Friday, May 25, 2012

God's Frustration

I've been wondering lately if God gets frustrated. If I were God...I'd get frustrated. We humans have become so many and so distracted and destructive. God must have lot's to say to us. Lots of hard things to say to us. Yet God usually uses humans to communicate to humans--and we'd rather not hear God say hard things--so God's (often self-appointed) spokespeople are too often tuning out the more challenging stuff. Our small selves don't like difficult conversations with God. Most of us collude in this.

We Christians, if we even believe we have to be born again, tend to think it's a one time deal. But being born again is really just moment by moment life in God--a binary thing--on or off. Each moment finds us either on are off. Open or closed. Awake or asleep. Or perhaps somewhere in between--not exactly hot or cold but kind of lukewarm.

I sometimes say to my Christian friends (who think I've gone from left field to foul territory because I value Buddhist mindfulness training), "Mindfulness helps me follow Jesus." There's nothing like mindfulness to reveal our small selves. Consistent awareness tunes us into the small self broadcast network: "small talk all the time."

As I listen to my own small talk radio, sometimes I catch myself thinking, Who is this guy? OMG, this guy is ME. Or at least base-level-me. Sometimes "I" cut myself down. Sometimes "I" build myself up--but almost always in small defensive kinds of ways. And usually this 'broadcast stream' is far from accurate. Lots of old and unconvincing opinions that add up to my own not-very-well-tested theory of How-Everything-Works.

It's not like Jesus was unclear about how this life works. "If you're determined to save your self you'll end up losing your Self.
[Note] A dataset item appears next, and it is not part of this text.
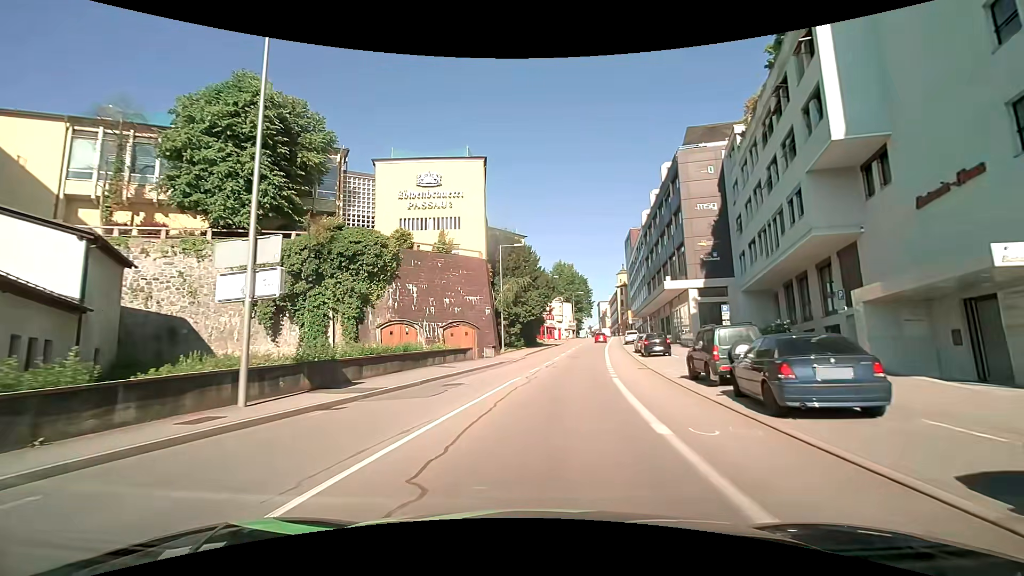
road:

If you don't figure out how to love your Self--and your neighbor like you love your Self--you'll never experience what God's Reality is all about."

Learning how small our small selves are can be unnerving and therefore hard.
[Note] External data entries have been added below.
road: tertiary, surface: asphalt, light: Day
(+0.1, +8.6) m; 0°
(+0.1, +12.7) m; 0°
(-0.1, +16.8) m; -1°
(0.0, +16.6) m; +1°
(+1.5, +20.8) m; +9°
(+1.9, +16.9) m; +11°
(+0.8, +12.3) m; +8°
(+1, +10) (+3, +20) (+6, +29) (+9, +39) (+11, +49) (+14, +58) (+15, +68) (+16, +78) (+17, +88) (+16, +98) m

Researchers in both neuroscience and human behavior are adding to the 'data' of how the small self operates. Here's a snippet from Andrew Haidt's very helpful book, The Happiness Hypothesis:

"The self is one of the great paradoxes of human evolution.... In The Curse of the Self, social psychologist Mark Leary points out that many other animals can think, but none, so far as we know, spend much time thinking about themselves. Only a few other primates (and perhaps dolphins) can even learn that the image in a mirror belongs to them. Only a creature with language ability has the mental apparatus to focus attention on the self, to think about the self's invisible attributes and long term goals, to create a narrative about that self, and then to react emotionally to thoughts about that narrative.

"Leary suggests that this ability to create a self gave our ancestors many useful skills, such as long-term planning, conscious decision making and self-control, and the ability to see other people's perspectives. Because these skills are all important to enabling human beings to work closely together on large projects the development of the self may have been crucial to the development of human untrasociability. But by giving each on of us an inner world, a world full of simulations, social comparisons, and reputational concerns, the self also gave each of us a personal tormentor. We all now live amid a whirlpool of inner chatter, much of which is negative (threats loom larger than opportunities), and most of which is useless."
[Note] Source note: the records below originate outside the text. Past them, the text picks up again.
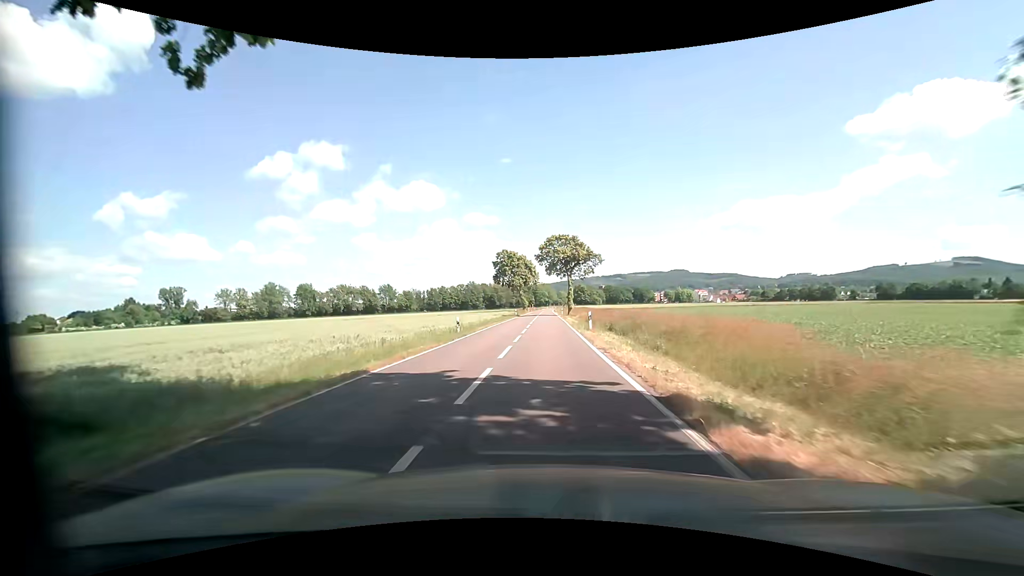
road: tertiary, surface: asphalt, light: Day
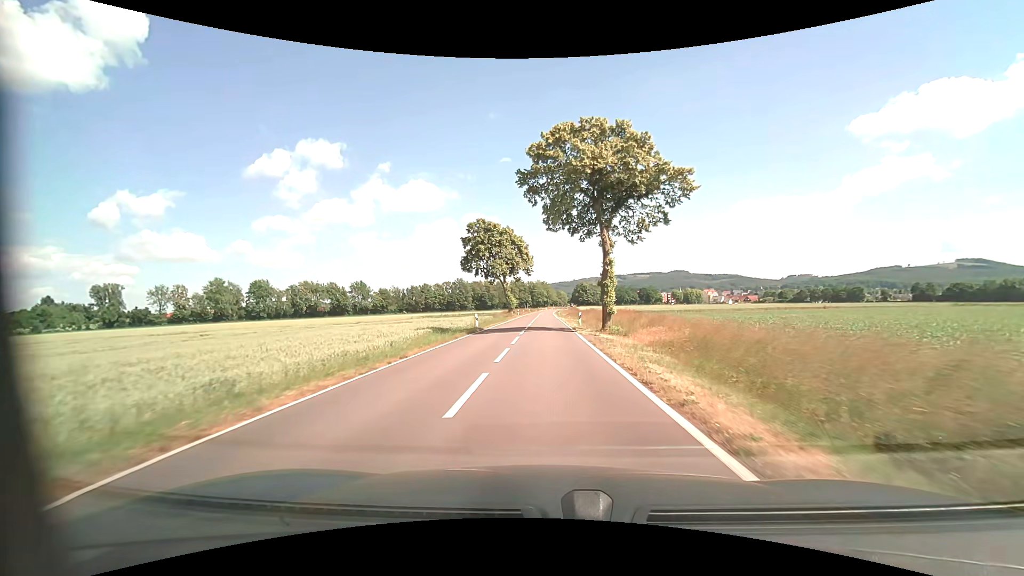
(-0.1, +43.2) m; 0°
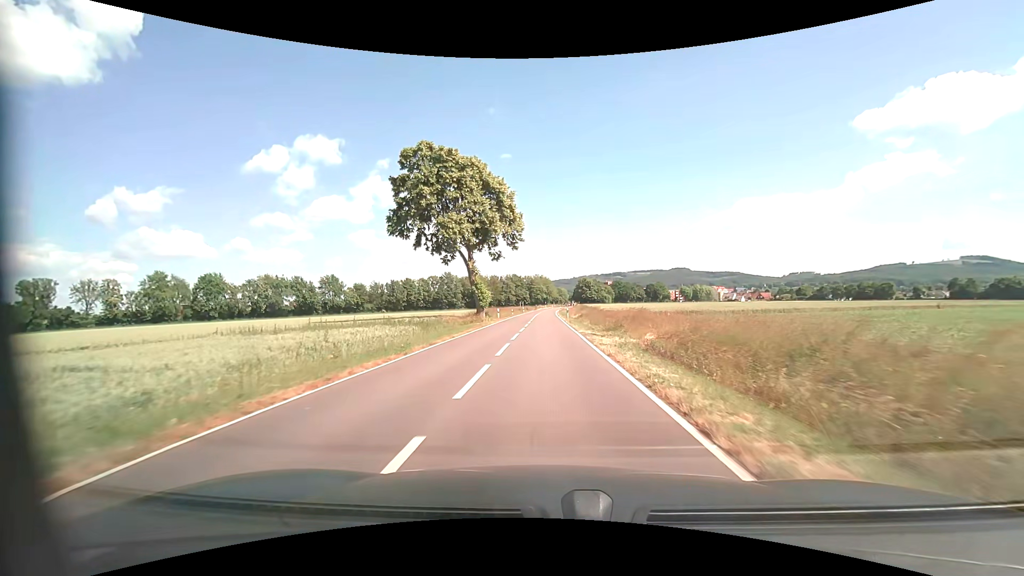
(+0.1, +35.2) m; 0°
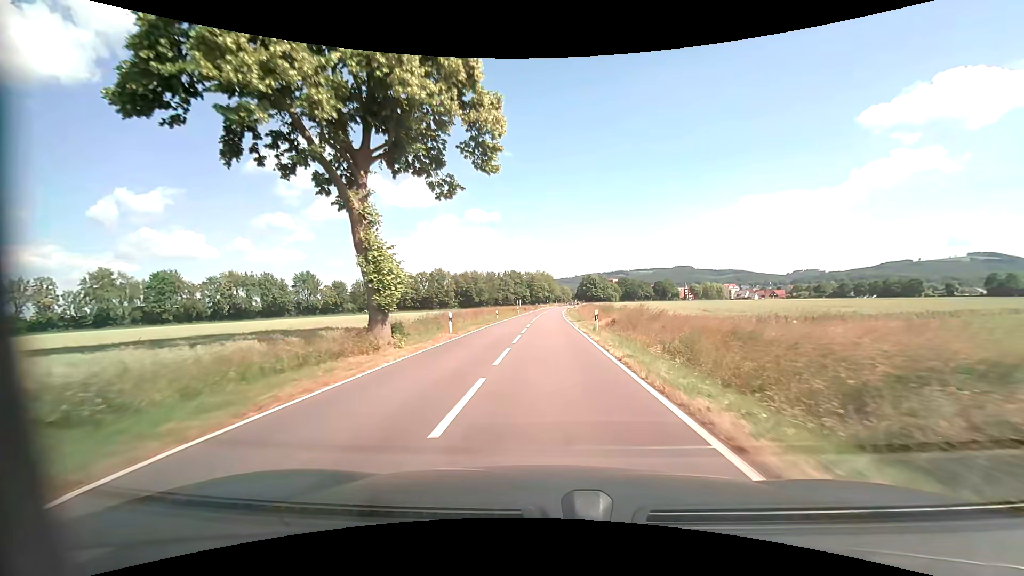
(-0.2, +26.2) m; 0°
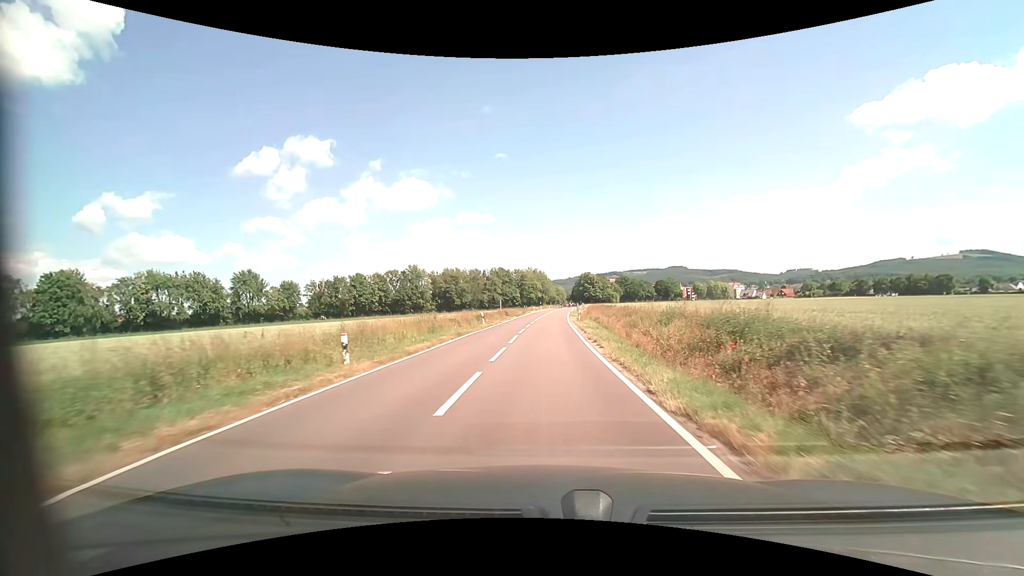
(+0.3, +35.2) m; +1°
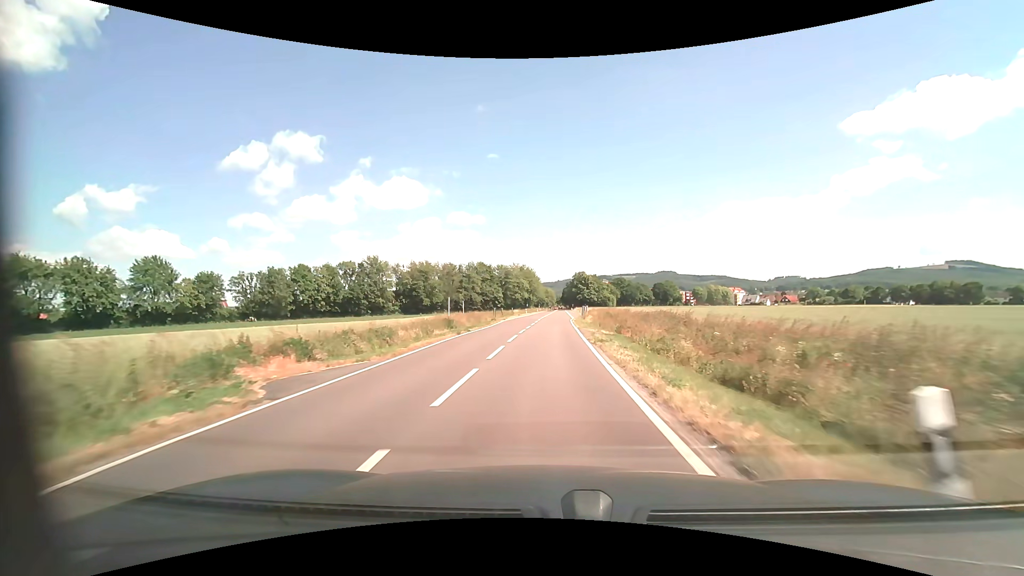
(+0.4, +35.7) m; +1°
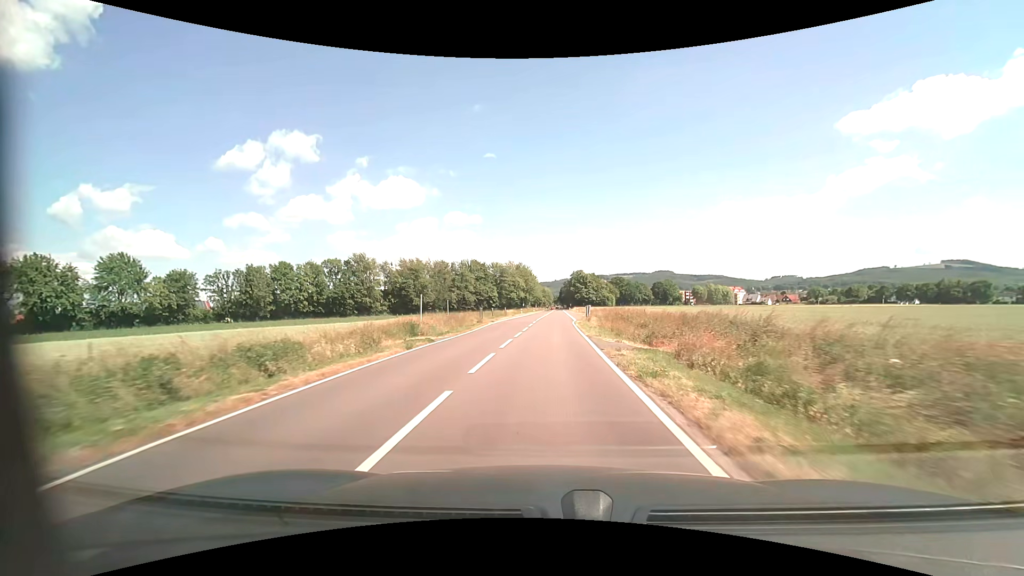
(0.0, +9.1) m; 0°
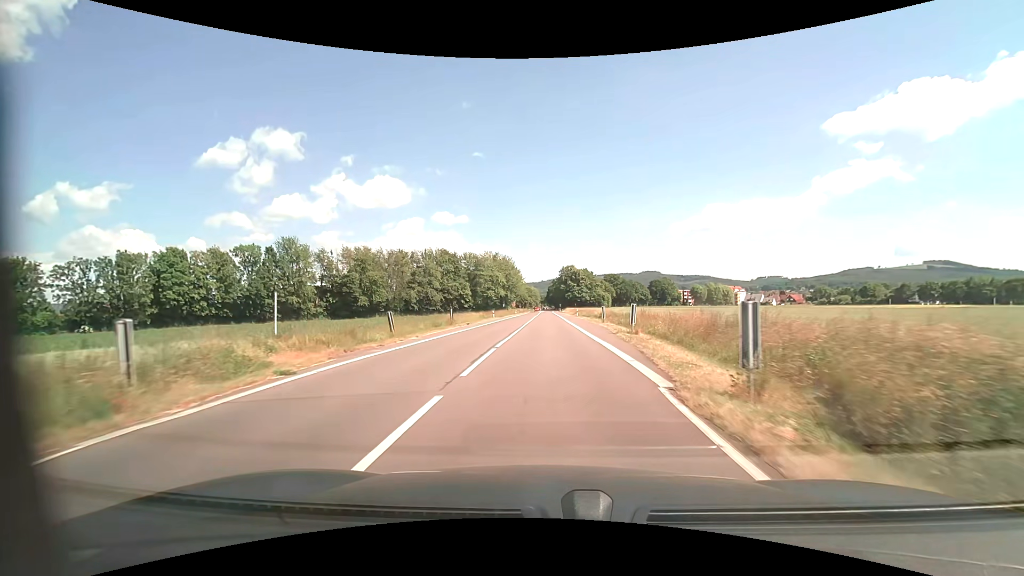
(+0.5, +36.7) m; +2°
(0, +10) (0, +20) (0, +30) (0, +40) (0, +50) (0, +60) (0, +70) (0, +80) (0, +90) (0, +100) m

"...Leary's analysis shows why the self is a problem for all major religions: The self is the main obstacle to spiritual advancement in three ways:


  • First, the constant stream of trivial conerns and egocentric thoughts keeps people locked in the material and profane world, unable to perceive sacredness and divinity. This is why Eastern relgions rely heavily on meditation, an effective means of quieting the chatter of the self.
  • Second, spiritual transformation is essentially the transformation of the self, weakening it, pruning it back...and often the self objects. Give up my possessions and the prestige they bring? No Way! Love my enemies, after what they did to me? Forget about it.
  • And third, following a spiritual path is invariably hard work, requiring years of meditation, prayer, self-control, and sometimes self-denial. The self does not like to be denied, and it is adept at finding reasons to bend the rules or cheat."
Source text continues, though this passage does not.